Edge Peering Overview
Edge peering creates encrypted site-to-site connectivity between your SecureLink edges. It allows traffic to flow directly between sites without routing through a central gateway, providing low-latency, high-throughput connections across your network.
Tunnel Protocols
When creating a peering group, you choose between two tunnel protocols:
- WireGuard (default) -- A modern, lightweight protocol with fast handshakes and low overhead. Uses Curve25519 key exchange and ChaCha20-Poly1305 encryption. Ideal for most deployments.
- IPSec -- An industry-standard protocol using AES-256-GCM encryption. Provides manual rekeying controls and Security Association (SA) management. Choose IPSec when compliance requirements mandate it or when integrating with networks that require IPSec.
The tunnel protocol is set at the peering group level -- all members and links within a group use the same protocol.
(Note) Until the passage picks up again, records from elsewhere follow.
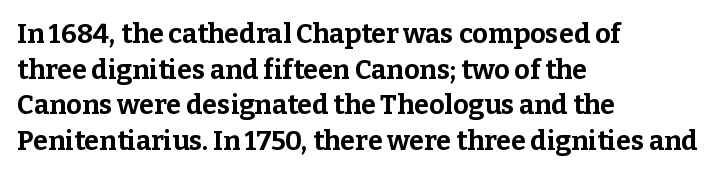
The image shows 27 px bold type, upright; set left-aligned, normal line spacing (1.32x), normal letter spacing, not underlined.
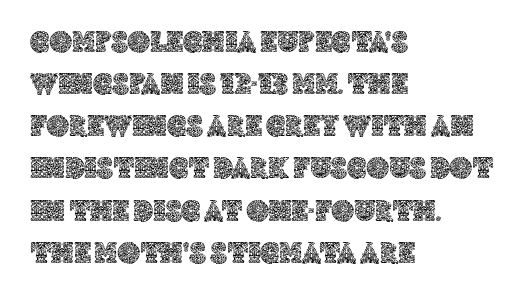
The image shows 31 px text type, upright; set left-aligned, normal line spacing (1.36x), normal letter spacing, not underlined; a large x-height.
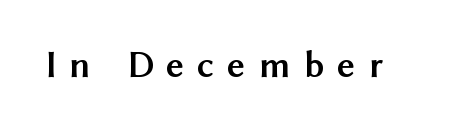
Vertical strokes here are truly vertical. The letters are bold, with thick, heavy strokes. Underline: absent. Looks like regular typesetting: each glyph gets only the width it needs.
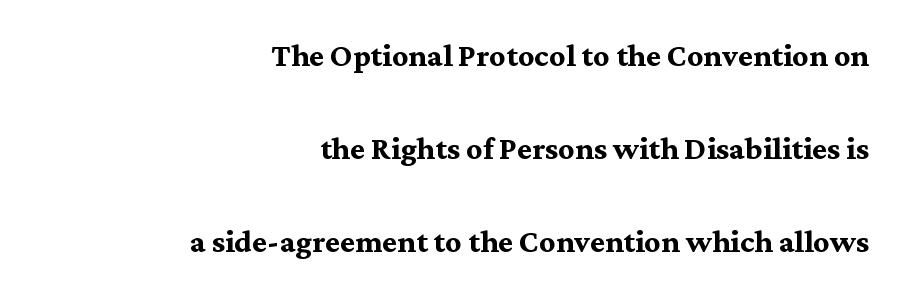
Q: Is the text bold? A: Yes.
Q: Is the text italic (slanted)? A: No, it is upright.
Q: Is the typeface a serif or a sans-serif typeface? A: Serif.
Q: Is the text underlined? A: No.
Q: How is the paragraph aligned? A: Right-aligned.
Q: Is the spacing between letters normal or unusually wide? A: Normal.
Q: Is the spacing between lines tight, normal or loose? A: Loose.
Q: Width (condensed, normal, or wide)? A: Normal.
Q: Stroke contrast? A: Medium.
Q: x-height? A: Medium.
Q: Monospaced? A: No.

See IPSec Configuration for details on IPSec-specific settings.
Use Cases
- Branch-to-Branch: Connect remote offices directly so users at one site can reach resources at another.
- Branch-to-Datacenter: Link branch offices back to a central datacenter or cloud environment for access to shared services.
- Multi-Site Mesh: Build a fully interconnected network where every site can communicate with every other site.
Topology Types
When you create a peering group, you choose one of three topology types. This determines how edges connect to each other.
Mesh
Every edge peers with every other edge in the group. When you add a new member, links to all existing members are automatically created.
Best for small networks with 3 to 10 sites where you need any-to-any connectivity. As the number of sites grows, the number of tunnels increases rapidly (n*(n-1)/2), so consider partial-mesh or hub-spoke for larger deployments.
Hub-Spoke
A central hub edge peers with all spoke edges. Spokes do not peer directly with each other -- all inter-spoke traffic routes through the hub.
Good for datacenter-centric designs where branch offices need to reach central resources but rarely communicate with each other. Simple to manage and scales well.
Partial Mesh
You manually choose which edges connect to each other. No links are auto-created -- you add and remove links individually.
Best for large or complex networks where full mesh is impractical and hub-spoke is too restrictive. For example, you might connect all branches to two regional datacenters but not to each other.
Peering List Page
The peering list page shows all peering groups for your tenant in a table with the following columns:
| Column | Description |
|---|---|
| Name | The descriptive name you gave the peering group. IPSec peerings display an amber IPSec badge next to the name. |
| Topology | Mesh, Hub-Spoke, or Partial Mesh |
| Members | Number of edges currently in the peering group |
| Status | Overall health of the peering group |
| Redundancy Mode | Single, Active-Standby, or Active-Active |
Click on any row to open the peering detail page where you can manage members, links, and view health status.
Getting Started
To set up edge peering:
- Click Create Peering to create a new peering group.
- Add member edges to the group.
- For partial-mesh topologies, add links between members.
- Monitor health via BGP and BFD status indicators.
If you are unsure which topology to choose, start with Hub-Spoke. It is the simplest to set up and manage, and you can always recreate the peering group with a different topology later.